To investigate the m6A landscape in IBD patients, data was retrieved from the gene expression omnibus (GEO) using the key words “(Inflammatory bowel disease OR IBD) AND microarray expression data AND Homo sapiens.” Inclusion criteria: 1. IBD OR Crohn OR colitis; 2, Homo sapiens; 3, Expression profiling by array OR high throughput sequencing; 4, Sample size>50; 5, Submitting date<2020.10.31; 6, DataSets OR Series. Exclusion criteria: 1, Not coding-gene expression data; 2, Non-integral data with nonIBD samples (except for healthy controls); 3, Lack of healthy controls; 4, Nonstandard therapy; 5, Data not available or low data quality (i.e., no comparable subgroups or insufficient significant differential genes).
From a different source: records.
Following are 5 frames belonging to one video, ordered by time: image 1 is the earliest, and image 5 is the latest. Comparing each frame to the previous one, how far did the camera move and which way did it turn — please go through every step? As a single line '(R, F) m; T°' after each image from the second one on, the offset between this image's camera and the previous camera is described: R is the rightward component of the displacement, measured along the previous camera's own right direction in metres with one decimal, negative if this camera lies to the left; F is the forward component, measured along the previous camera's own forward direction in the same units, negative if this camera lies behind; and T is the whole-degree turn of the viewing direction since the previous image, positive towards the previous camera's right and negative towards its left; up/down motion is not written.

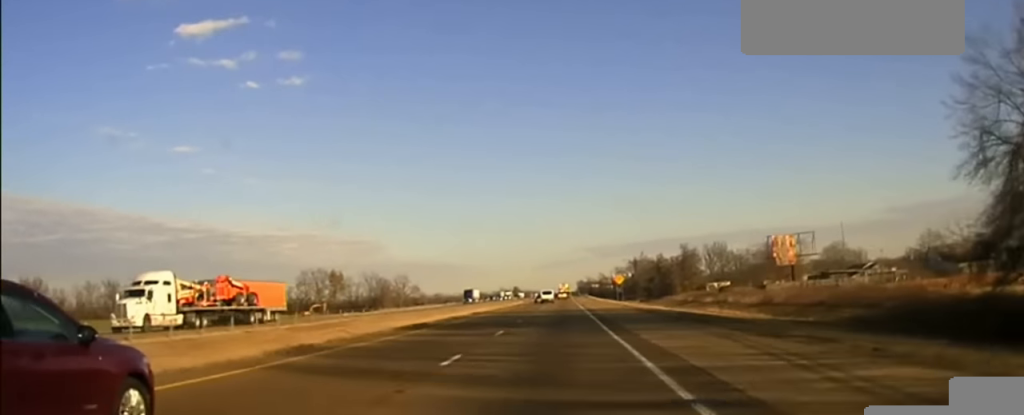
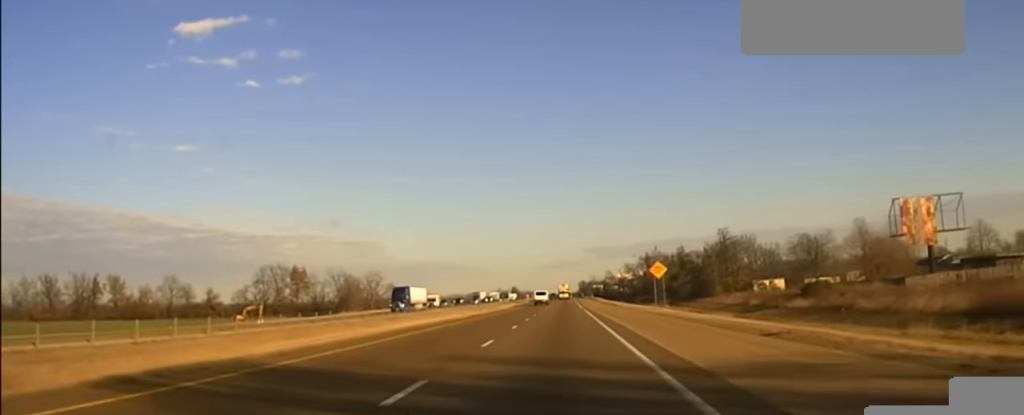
(-0.7, +54.7) m; -1°
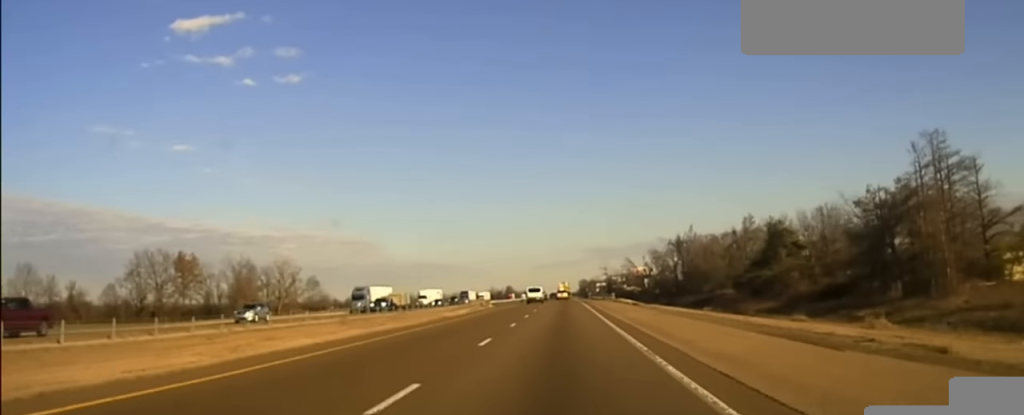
(0.0, +98.3) m; 0°
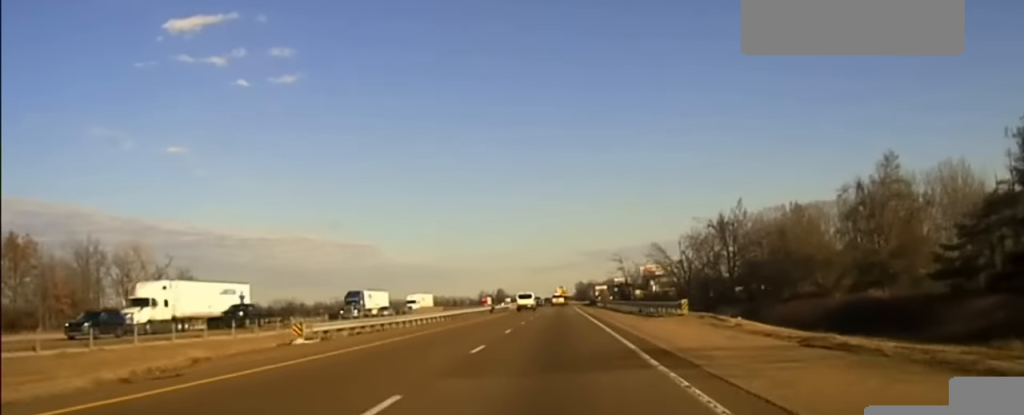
(0.0, +75.3) m; 0°
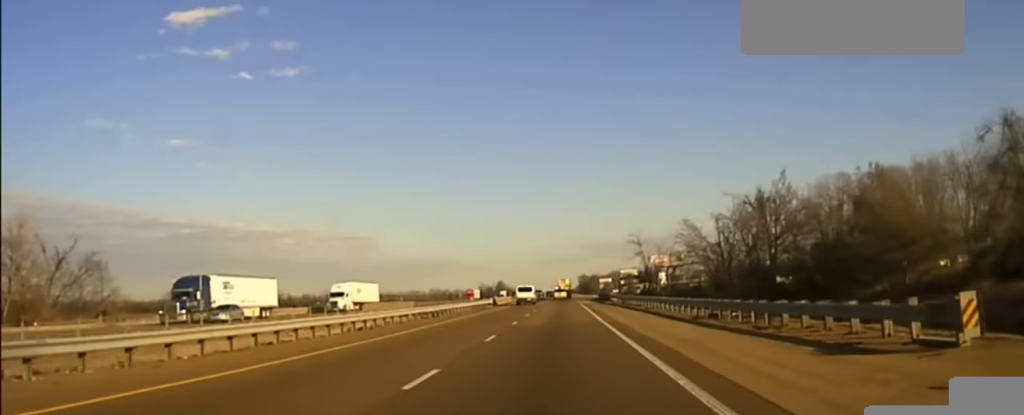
(0.0, +33.3) m; 0°

For discovery cohorts, we also consider factors to uncover reliable findings, such as: 1, all colon samples; 2, shared platform and data-style; and, adult patients. We recruited cohorts with necessary information such as sample sources, patient group, disease state, and biologics’ therapy response for subgroups’ analysis. Detailed data processing and analysis flows were displayed in Supplementary Figure S1A.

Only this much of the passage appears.